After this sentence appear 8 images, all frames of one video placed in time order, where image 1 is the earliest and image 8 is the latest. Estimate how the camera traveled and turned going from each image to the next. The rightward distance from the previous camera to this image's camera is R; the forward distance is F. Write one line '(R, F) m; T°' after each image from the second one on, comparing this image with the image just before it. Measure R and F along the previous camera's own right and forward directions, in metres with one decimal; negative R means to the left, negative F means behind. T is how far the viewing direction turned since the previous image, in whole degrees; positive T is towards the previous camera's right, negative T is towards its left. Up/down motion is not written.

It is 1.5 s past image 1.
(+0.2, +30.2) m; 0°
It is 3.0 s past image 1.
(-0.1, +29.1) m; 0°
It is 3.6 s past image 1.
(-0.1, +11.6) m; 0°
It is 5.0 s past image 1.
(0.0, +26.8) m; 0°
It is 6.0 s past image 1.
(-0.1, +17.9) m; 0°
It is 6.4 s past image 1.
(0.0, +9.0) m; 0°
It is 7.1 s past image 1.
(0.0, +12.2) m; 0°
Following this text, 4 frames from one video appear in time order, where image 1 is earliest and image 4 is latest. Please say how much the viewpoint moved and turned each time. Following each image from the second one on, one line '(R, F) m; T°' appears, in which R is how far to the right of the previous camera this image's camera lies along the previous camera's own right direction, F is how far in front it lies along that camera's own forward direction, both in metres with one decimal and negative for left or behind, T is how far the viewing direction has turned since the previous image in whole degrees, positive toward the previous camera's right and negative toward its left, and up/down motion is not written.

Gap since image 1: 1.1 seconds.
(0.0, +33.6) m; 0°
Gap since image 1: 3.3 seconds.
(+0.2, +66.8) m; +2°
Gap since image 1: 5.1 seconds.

· · · · ·

Line by line, restate the data exactly.

### Expected answer
After this sentence appear 8 images, all frames of one video placed in time order, where image 1 is the earliest and image 8 is the latest. Estimate how the camera traveled and turned going from each image to the next. The rightward distance from the previous camera to this image's camera is R; the forward distance is F. Write one line '(R, F) m; T°' after each image from the second one on, comparing this image with the image just before it. Measure R and F along the previous camera's own right and forward directions, in metres with one decimal; negative R means to the left, negative F means behind. T is how far the viewing direction turned since the previous image, in whole degrees; positive T is towards the previous camera's right, negative T is towards its left. Up/down motion is not written.

It is 1.5 s past image 1.
(+0.2, +30.2) m; 0°
It is 3.0 s past image 1.
(-0.1, +29.1) m; 0°
It is 3.6 s past image 1.
(-0.1, +11.6) m; 0°
It is 5.0 s past image 1.
(0.0, +26.8) m; 0°
It is 6.0 s past image 1.
(-0.1, +17.9) m; 0°
It is 6.4 s past image 1.
(0.0, +9.0) m; 0°
It is 7.1 s past image 1.
(0.0, +12.2) m; 0°
Following this text, 4 frames from one video appear in time order, where image 1 is earliest and image 4 is latest. Please say how much the viewpoint moved and turned each time. Following each image from the second one on, one line '(R, F) m; T°' appears, in which R is how far to the right of the previous camera this image's camera lies along the previous camera's own right direction, F is how far in front it lies along that camera's own forward direction, both in metres with one decimal and negative for left or behind, T is how far the viewing direction has turned since the previous image in whole degrees, positive toward the previous camera's right and negative toward its left, and up/down motion is not written.

Gap since image 1: 1.1 seconds.
(0.0, +33.6) m; 0°
Gap since image 1: 3.3 seconds.
(+0.2, +66.8) m; +2°
Gap since image 1: 5.1 seconds.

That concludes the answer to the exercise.